Celtic has had real top-class success stories who have left this club and gone on and thrived. But there aren’t a lot of them. Not as many as you might think until you look at the record. We know about Virgil van Dijk. Big Virgil went to Liverpool and never looked back. He became an elite-level defender. We all know that Jeremie Frimpong went to Germany and excelled. He’s now at Liverpool too, having netted us a very nice little chunk of change on the move—just as van Dijk did when he went there.

Other guys have certainly made a lot of money since leaving the club. We know that Moussa Dembélé is over playing in Saudi Arabia. The cash must be good there, but that’s about all. The football certainly isn’t. Although he’s doing well at that club, is that really where the boy thought he was going to be just six or seven years ago when he left Parkhead? At that time, he had scored Champions League goals. He was a scalper extraordinaire of our Glasgow rivals. A lot of people thought that if he made the right move, he would end up a French international. He’s nowhere near it.

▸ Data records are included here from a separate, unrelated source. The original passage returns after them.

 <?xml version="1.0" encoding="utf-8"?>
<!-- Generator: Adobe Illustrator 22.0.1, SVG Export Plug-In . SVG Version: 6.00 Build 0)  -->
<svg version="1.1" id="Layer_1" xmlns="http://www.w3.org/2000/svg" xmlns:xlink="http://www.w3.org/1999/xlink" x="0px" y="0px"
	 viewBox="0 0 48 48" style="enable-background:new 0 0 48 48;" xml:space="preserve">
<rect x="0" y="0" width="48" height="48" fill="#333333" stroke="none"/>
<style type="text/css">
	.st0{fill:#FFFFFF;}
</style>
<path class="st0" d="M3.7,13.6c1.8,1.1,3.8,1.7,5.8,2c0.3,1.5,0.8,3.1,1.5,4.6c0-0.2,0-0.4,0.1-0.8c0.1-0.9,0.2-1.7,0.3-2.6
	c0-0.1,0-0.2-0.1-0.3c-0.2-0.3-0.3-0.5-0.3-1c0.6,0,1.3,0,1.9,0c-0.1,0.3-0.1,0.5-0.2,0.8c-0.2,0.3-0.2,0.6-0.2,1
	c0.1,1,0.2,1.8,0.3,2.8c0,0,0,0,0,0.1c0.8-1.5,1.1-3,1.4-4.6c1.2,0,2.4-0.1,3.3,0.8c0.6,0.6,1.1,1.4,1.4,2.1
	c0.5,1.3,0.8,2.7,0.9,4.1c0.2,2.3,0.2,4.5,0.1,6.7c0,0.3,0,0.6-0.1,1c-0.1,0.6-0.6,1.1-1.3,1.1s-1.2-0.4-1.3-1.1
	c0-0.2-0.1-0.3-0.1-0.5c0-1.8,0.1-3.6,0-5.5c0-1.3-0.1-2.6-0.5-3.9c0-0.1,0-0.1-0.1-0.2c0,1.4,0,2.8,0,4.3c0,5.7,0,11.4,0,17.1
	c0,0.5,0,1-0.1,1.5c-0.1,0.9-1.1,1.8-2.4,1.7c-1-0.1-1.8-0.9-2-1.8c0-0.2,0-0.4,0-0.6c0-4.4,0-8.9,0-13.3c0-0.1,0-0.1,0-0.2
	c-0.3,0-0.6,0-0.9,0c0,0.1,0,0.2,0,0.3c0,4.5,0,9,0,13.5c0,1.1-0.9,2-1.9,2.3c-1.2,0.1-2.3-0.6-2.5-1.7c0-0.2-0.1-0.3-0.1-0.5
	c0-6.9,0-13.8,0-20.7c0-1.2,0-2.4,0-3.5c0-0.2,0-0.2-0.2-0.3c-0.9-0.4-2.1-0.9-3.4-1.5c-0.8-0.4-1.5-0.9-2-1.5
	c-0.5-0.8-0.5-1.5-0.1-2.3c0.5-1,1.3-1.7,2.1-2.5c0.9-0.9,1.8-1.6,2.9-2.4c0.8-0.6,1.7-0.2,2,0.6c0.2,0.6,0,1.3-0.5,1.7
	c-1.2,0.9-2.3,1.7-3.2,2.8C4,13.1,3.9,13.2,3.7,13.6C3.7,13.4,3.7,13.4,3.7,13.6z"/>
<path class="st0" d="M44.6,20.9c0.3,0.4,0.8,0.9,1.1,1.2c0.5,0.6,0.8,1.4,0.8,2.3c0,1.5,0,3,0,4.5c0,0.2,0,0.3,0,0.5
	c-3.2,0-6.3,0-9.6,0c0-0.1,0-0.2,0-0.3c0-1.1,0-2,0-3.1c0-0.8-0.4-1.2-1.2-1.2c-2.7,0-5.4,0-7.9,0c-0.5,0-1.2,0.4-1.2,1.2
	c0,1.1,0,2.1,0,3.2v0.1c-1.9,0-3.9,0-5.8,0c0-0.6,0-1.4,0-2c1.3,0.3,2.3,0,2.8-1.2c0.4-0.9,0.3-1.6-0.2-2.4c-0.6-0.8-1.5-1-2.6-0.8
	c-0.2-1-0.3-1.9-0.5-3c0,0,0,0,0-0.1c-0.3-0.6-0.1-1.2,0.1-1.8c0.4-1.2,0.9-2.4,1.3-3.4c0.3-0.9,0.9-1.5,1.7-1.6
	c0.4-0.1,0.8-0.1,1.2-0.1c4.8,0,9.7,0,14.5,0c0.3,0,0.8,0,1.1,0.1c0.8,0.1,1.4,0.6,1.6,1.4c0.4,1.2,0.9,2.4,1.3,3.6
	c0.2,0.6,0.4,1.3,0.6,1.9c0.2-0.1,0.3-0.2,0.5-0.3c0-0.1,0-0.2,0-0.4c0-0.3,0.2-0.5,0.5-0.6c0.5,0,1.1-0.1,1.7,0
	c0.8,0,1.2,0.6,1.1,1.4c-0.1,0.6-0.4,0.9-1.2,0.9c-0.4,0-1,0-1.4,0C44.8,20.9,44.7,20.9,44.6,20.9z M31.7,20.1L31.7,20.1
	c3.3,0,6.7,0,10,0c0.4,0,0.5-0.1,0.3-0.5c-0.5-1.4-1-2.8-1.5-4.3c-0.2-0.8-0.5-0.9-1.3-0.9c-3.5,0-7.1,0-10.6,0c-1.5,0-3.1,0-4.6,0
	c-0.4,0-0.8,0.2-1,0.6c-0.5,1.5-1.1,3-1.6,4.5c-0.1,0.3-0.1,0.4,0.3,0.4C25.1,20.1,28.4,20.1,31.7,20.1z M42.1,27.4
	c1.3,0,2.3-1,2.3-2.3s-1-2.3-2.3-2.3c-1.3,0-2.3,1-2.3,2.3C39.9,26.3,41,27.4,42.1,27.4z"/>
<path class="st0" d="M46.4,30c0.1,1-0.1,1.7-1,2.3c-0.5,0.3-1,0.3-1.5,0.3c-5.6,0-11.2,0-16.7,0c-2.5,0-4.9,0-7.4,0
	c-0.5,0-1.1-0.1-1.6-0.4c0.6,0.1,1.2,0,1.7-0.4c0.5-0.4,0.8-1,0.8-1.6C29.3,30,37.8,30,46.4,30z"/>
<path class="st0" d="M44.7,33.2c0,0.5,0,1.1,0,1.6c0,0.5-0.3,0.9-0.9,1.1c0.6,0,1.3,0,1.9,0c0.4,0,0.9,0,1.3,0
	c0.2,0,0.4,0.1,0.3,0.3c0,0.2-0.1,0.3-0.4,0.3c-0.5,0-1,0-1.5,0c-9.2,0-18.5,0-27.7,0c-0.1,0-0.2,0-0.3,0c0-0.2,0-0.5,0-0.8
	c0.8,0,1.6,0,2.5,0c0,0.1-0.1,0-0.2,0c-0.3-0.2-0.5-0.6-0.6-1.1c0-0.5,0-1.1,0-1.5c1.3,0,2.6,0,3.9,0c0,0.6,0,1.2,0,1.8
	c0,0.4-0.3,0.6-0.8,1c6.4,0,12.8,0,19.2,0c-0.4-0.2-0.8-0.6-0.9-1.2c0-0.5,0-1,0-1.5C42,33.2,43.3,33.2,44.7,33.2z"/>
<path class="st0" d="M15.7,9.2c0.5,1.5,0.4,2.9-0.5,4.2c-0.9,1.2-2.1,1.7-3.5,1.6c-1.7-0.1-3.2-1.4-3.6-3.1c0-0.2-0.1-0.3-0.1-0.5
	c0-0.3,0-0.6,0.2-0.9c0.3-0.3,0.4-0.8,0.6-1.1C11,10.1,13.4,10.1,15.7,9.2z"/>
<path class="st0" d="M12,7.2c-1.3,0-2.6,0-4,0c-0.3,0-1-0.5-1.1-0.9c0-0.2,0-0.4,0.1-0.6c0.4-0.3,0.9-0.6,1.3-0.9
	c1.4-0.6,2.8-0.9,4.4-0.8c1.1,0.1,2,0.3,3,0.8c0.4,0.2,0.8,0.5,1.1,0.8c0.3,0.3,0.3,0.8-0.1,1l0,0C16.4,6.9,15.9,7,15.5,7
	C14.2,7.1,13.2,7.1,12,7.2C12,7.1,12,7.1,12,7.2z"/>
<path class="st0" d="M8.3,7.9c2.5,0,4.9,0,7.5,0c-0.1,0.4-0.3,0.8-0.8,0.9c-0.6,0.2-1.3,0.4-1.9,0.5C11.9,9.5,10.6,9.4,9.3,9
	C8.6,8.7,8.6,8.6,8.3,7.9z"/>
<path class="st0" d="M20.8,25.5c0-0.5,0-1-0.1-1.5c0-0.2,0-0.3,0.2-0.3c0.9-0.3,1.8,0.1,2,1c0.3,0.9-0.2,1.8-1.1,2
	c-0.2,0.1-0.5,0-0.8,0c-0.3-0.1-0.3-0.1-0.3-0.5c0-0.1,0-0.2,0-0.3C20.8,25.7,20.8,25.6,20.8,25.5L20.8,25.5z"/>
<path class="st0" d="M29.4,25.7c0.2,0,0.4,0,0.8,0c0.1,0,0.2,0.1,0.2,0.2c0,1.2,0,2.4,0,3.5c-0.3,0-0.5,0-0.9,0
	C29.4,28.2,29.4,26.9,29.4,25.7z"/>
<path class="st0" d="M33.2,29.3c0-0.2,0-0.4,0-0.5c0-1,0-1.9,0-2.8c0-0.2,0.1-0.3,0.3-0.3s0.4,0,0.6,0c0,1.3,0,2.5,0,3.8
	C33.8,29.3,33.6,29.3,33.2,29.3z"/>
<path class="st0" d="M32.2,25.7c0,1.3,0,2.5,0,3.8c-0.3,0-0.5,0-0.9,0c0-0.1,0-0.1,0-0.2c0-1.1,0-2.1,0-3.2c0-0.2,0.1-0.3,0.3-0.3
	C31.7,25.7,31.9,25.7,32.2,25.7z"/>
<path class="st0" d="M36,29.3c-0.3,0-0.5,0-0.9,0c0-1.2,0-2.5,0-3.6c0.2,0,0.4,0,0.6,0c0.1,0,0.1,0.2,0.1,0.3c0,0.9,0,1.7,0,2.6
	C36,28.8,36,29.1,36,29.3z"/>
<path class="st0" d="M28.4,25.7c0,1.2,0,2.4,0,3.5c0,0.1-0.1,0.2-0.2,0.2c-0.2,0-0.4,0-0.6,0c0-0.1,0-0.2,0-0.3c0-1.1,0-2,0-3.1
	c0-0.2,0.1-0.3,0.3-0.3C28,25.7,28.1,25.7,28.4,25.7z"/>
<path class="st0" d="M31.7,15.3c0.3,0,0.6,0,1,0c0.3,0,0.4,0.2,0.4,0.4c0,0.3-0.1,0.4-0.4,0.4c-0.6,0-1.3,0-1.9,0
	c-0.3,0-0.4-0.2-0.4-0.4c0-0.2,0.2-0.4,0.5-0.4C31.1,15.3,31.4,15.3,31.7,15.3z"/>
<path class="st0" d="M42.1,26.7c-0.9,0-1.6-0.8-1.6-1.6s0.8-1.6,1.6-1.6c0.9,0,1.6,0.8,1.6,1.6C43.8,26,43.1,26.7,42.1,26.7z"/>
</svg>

The same could be said for Odsonne Edouard. He too left in the last few years, and he too was expected to go on and quite possibly pull on the blue jersey of the national team. His move has, if anything, been even more calamitous than that of Moussa. He has struggled to justify his name, his reputation, and his pedigree. He’s got to get the next stage of his career right. He’s got to find more in his locker than he has so far. He has all the talent in the world. So what the hell has gone wrong?

If you want to look at the cautionary tale to end all cautionary tales, you would look at Jota. Like Moussa, he went to Saudi—but he went there much earlier than most did. Moussa played in France for a while at a top club, Lyon, although it wasn’t a greatly successful spell. Jota went straight from Benfica to Celtic to Saudi without missing a beat, and it was the worst thing he ever did in terms of football. That boy lost a year of his career. Now, out through injury, he might lose another year. That’s a terrible waste. I still think we’re going to get one hell of a player when he comes back to fitness, but aside from the money, I think he probably has a lot of regrets.

Kyogo definitely has a lot of regrets. He probably has nothing but regrets. He could have stayed at Celtic for six more months anyway—completed the season, played in the Champions League against Bayern Munich, and made a contribution to the cause towards trying to win the treble. We may even have done it had he been in our ranks. But rather than feel sorry for ourselves, I actually look at him and I think that if ever a player was badly served by his so-called advisers, it is him. He listened to too many voices whispering in his ear. That’s what I think. And that’s what I’ve thought since he left.

Matt O’Riley went to the wrong club—Brighton. Again, part of that was just bad luck. He got injured almost immediately and missed several months. He scored against Manchester City—a match-winning goal—and at that point you think his star is only going to rise and rise and rise. But it doesn’t. He falls out of the side. He drifts out of favour. All of a sudden, he’s not in the team at all except for sporadic appearances from the bench.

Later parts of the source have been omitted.